Die bis dahin strenge Trennung der Siedlungen von den Grabhügelfeldern scheint sich abzuschwächen. In einigen Fällen kann beobachtet werden, dass Siedlungen der mittleren und späten Eisenzeit unmittelbar bei den älteren Grabhügelfeldern oder sogar in deren Mitte angelegt werden. Die zeitgleichen Gräberfelder waren jetzt klein, meist nur relativ kurz belegt und wohl jeweils nur wenigen Hofeinheiten zugehörig. Oft werden auch sie in den älteren Grabhügeln angelegt. Die Siedlungen entwickelten sich in der späten Eisenzeit langsam von den bekannten Wandersiedlungen zu örtlich stabileren Wohnstätten.

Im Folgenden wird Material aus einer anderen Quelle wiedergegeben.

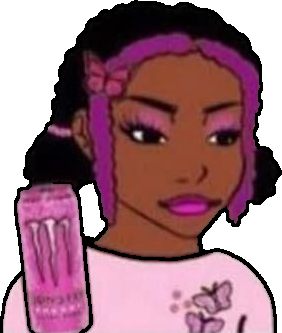
Label: 5_Blackjak
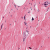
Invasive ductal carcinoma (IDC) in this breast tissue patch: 0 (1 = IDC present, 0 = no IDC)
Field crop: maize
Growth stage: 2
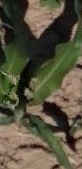
Species: maize
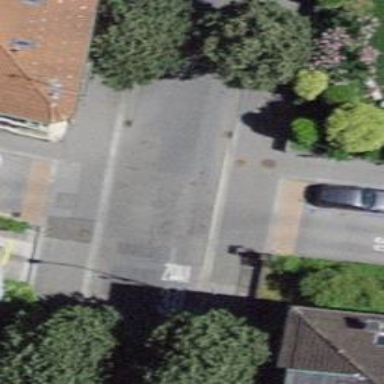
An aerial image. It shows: Residential road with chicane for traffic calming.
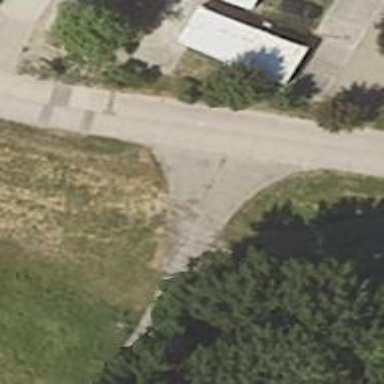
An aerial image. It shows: Paved residential road with high grade track type.
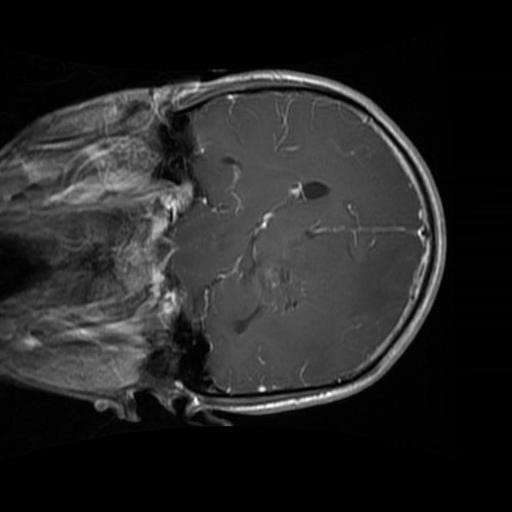
Label: brain_glioma
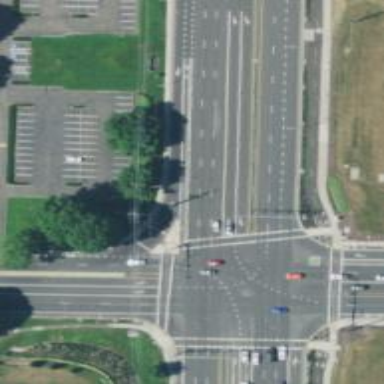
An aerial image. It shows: Traffic island located on footway.

Diese Entwicklungen deuten darauf hin, dass die Rolle der Ahnen im Jenseitsbild der Menschen sich in der mittleren und späten Eisenzeit abermals geändert hatte. Die kleinen und ephemeren Begräbnisplätze zeigen, dass sie nicht mehr den zentralen Platz in der Ahnenverehrung einnahmen. Gleichzeitig muss die größere räumliche Stabilität der Siedlungen und die Abgrenzung von Land und Besitz sich auch in der Vorstellungswelt der Menschen niedergeschlagen haben. An die Stelle der Begräbnisplätze als zentralem Punkt der Ahnenverehrung und damit als Mittel zur Selbstvergewisserung der lokalen sozialen Verbände traten jetzt möglicherweise lokale oder sogar regional ausstrahlende Naturheiligtümer. Diese waren weitaus besser geeignet größere Personenverbände als bisher ideologisch zu integrieren. Die Bestattungsgemeinschaften sind nun wohl wieder die einzelnen Familien, die jetzt auch eine größere Rolle im Anspruch auf das umgebende Land gespielt haben. Gleichzeitig scheinen diese Familien jetzt fester in die größeren Sozialverbände eingebunden gewesen zu sein.

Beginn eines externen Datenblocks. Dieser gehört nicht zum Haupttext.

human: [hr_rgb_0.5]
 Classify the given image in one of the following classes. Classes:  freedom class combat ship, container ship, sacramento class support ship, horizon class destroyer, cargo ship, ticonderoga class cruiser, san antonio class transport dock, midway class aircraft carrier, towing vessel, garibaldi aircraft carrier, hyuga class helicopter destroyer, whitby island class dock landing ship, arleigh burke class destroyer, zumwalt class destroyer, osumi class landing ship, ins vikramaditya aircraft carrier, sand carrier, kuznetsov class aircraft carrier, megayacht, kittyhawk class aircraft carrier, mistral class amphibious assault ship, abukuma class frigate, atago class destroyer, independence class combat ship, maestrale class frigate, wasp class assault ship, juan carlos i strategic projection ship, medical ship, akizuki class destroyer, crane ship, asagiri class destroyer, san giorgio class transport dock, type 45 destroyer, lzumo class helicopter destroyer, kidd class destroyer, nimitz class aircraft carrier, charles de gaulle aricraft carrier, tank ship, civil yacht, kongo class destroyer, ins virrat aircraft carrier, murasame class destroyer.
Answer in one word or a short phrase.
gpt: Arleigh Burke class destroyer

Können wir aufgrund der Quellenlage also nur wenig sicheres über die genaue Jenseitsvorstellung der Bronze- und Eisenzeit in unserem Raume aussagen, zeigen die gleichen Quellen doch umso mehr, wie sich Gesellschaftsstrukturen und das Bild der Menschen von sich selbst und ihrer Gemeinschaft im Laufe der vorchristlichen Jahrhunderte verändert hat.